Section I · 1800s–1960s

The Dawn of Statistical Learning

From Gauss's least squares to Rosenblatt's perceptron — mathematics lays the foundation for machine intelligence.

1805

Linear Regression Paper

Legendre & Gauss's method of least squares — fit a straight line to scattered data by minimizing the sum of squared errors.

The mathematical foundation for all optimization-based learning; directly leads to Adaline and modern Backpropagation.
y = wx + b   minimize Σ(yᵢ - (wxᵢ + b))²
1812

Bayes' Theorem Paper

Update your belief based on new evidence. Prior × likelihood → posterior. The core framework of probabilistic inference.

The foundation of probabilistic reasoning; directly enables Naive Bayes classifiers and GMM+EM clustering.
P(A|B) = P(B|A)·P(A) / P(B)   posterior = likelihood × prior / evidence
1906

Markov Chain Paper

Memoryless state transitions — the next state depends only on the current state. Cornerstone of HMM, MCMC, and PageRank.

Inspires sequential modeling; its memoryless limitation motivates RNN (which adds memory) and Boltzmann Machine sampling.
P(Xₙ₊₁|Xₙ,Xₙ₋₁,...) = P(Xₙ₊₁|Xₙ)   memoryless property
1958

Perceptron Paper

Rosenblatt's first artificial neuron that could learn from data. Computes weighted sum of inputs; output 1 if above threshold, 0 otherwise.

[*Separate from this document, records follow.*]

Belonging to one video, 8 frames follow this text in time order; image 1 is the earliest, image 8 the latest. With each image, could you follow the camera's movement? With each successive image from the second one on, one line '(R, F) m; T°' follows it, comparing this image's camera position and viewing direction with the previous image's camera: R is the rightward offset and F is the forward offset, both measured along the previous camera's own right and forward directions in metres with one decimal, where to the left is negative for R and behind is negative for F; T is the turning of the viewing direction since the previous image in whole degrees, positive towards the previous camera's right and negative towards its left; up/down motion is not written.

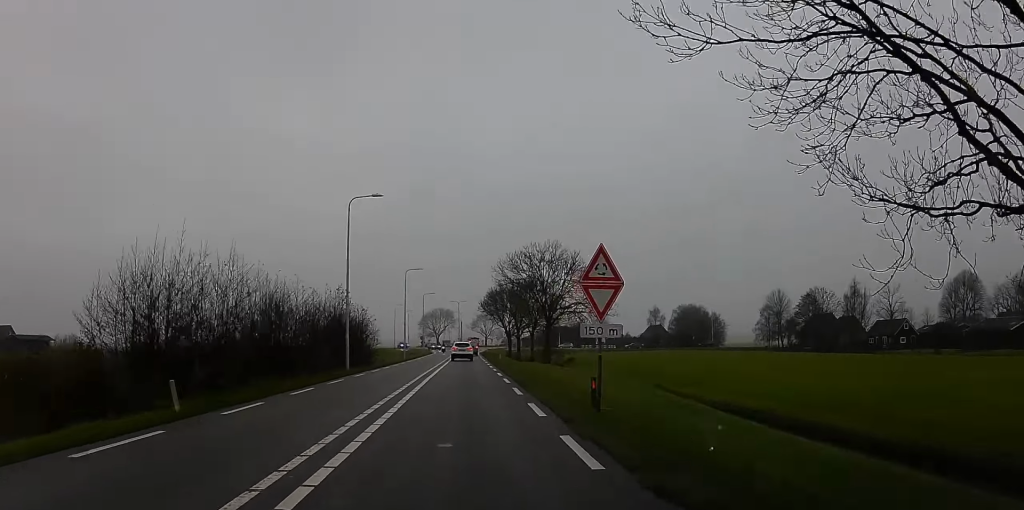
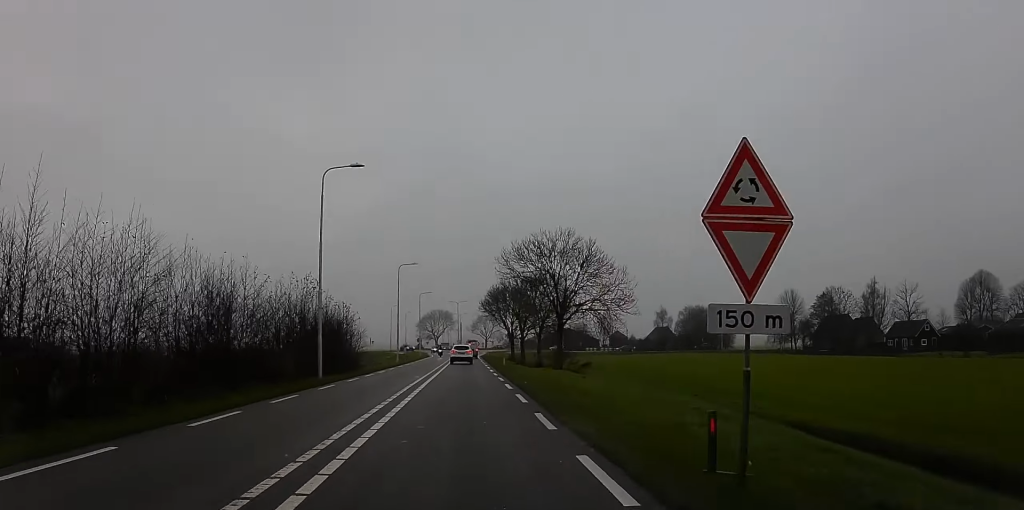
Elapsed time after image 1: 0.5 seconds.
(0.0, +7.9) m; 0°
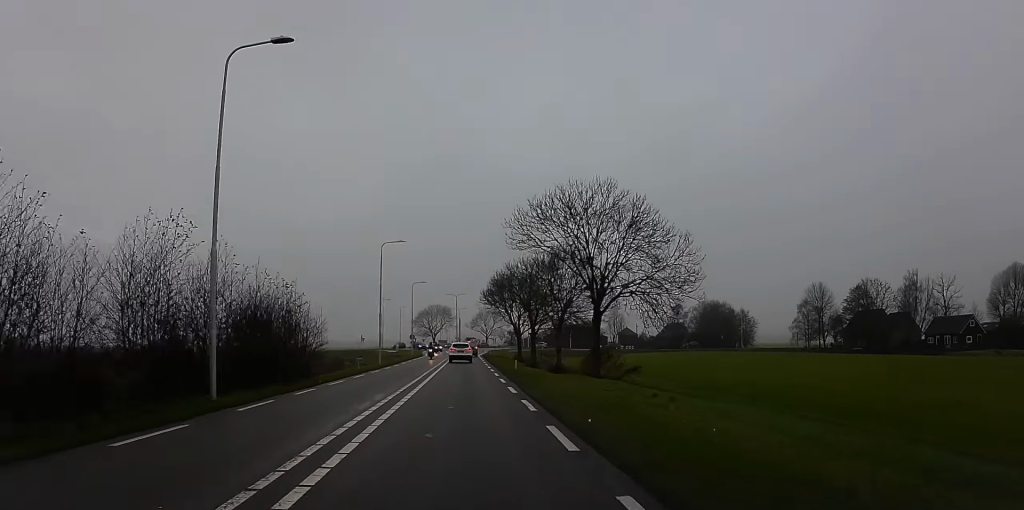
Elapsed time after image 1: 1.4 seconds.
(0.0, +14.2) m; 0°
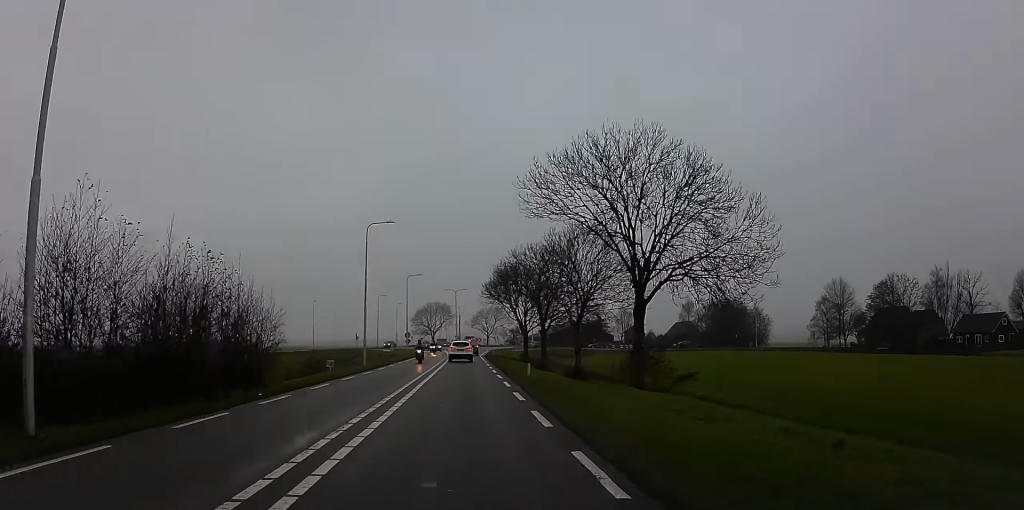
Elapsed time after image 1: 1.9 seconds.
(0.0, +8.9) m; 0°
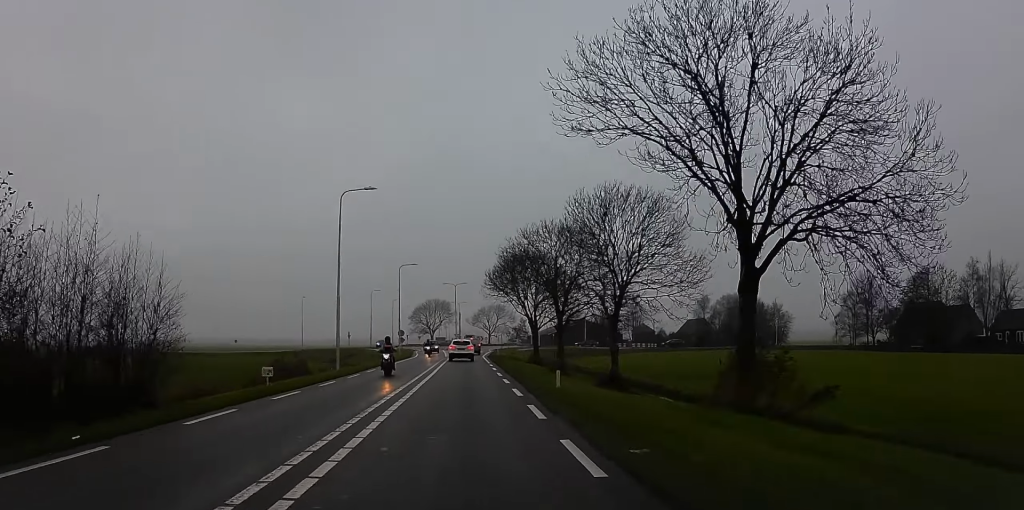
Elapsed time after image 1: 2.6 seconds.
(0.0, +11.2) m; 0°
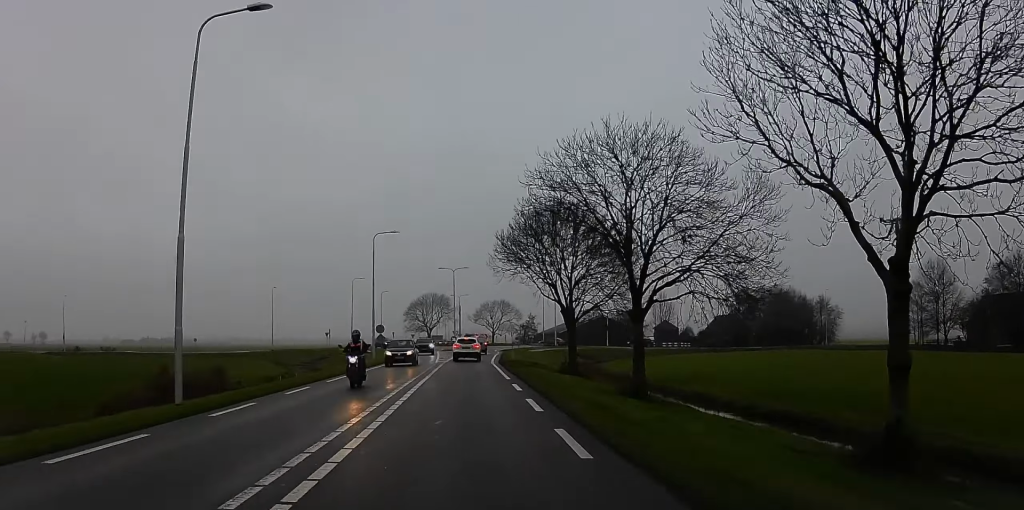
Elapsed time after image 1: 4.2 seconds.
(0.0, +22.4) m; 0°
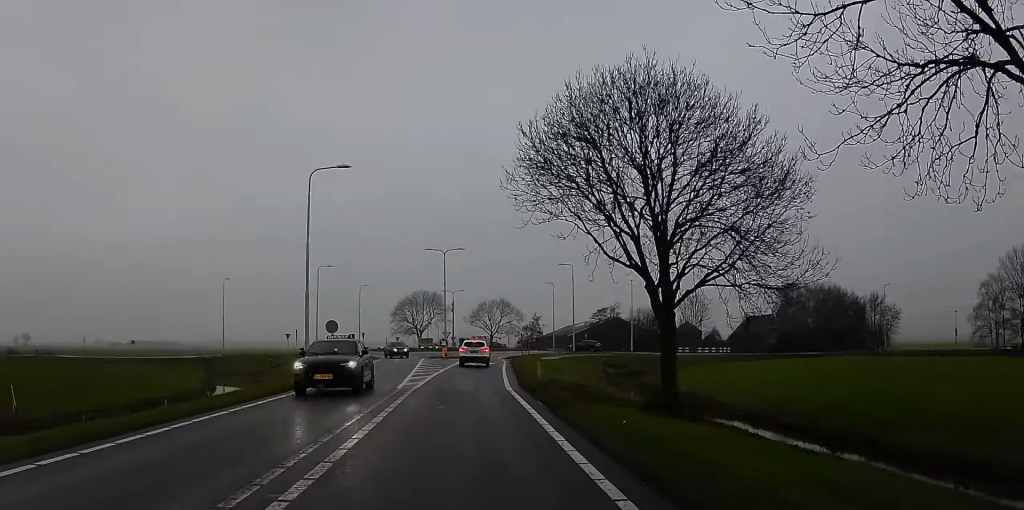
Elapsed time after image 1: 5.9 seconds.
(+0.5, +21.9) m; +4°
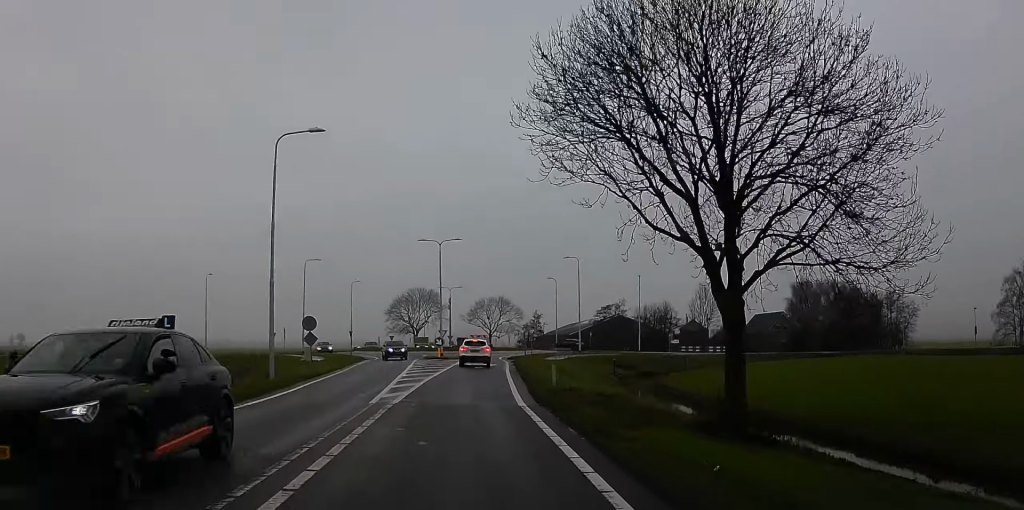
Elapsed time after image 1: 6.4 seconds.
(+0.4, +6.2) m; 0°

Builds on Linear Regression with a step activation; its linear-only limitation is fixed by Adaline and later Backpropagation.
y = step(w·x + b)   update: w += η(target - y)·x
1960

Adaline Paper

Widrow & Hoff's adaptive linear neuron — unlike the Perceptron, Adaline computes error before the activation function, enabling true gradient descent (LMS rule). The decision boundary glides smoothly into place!

Improves on Perceptron by using continuous gradient descent instead of discrete updates; the LMS rule directly inspires Backpropagation.
z = w·x + b   Δw = η(target − z)·x   error on raw output, not after step()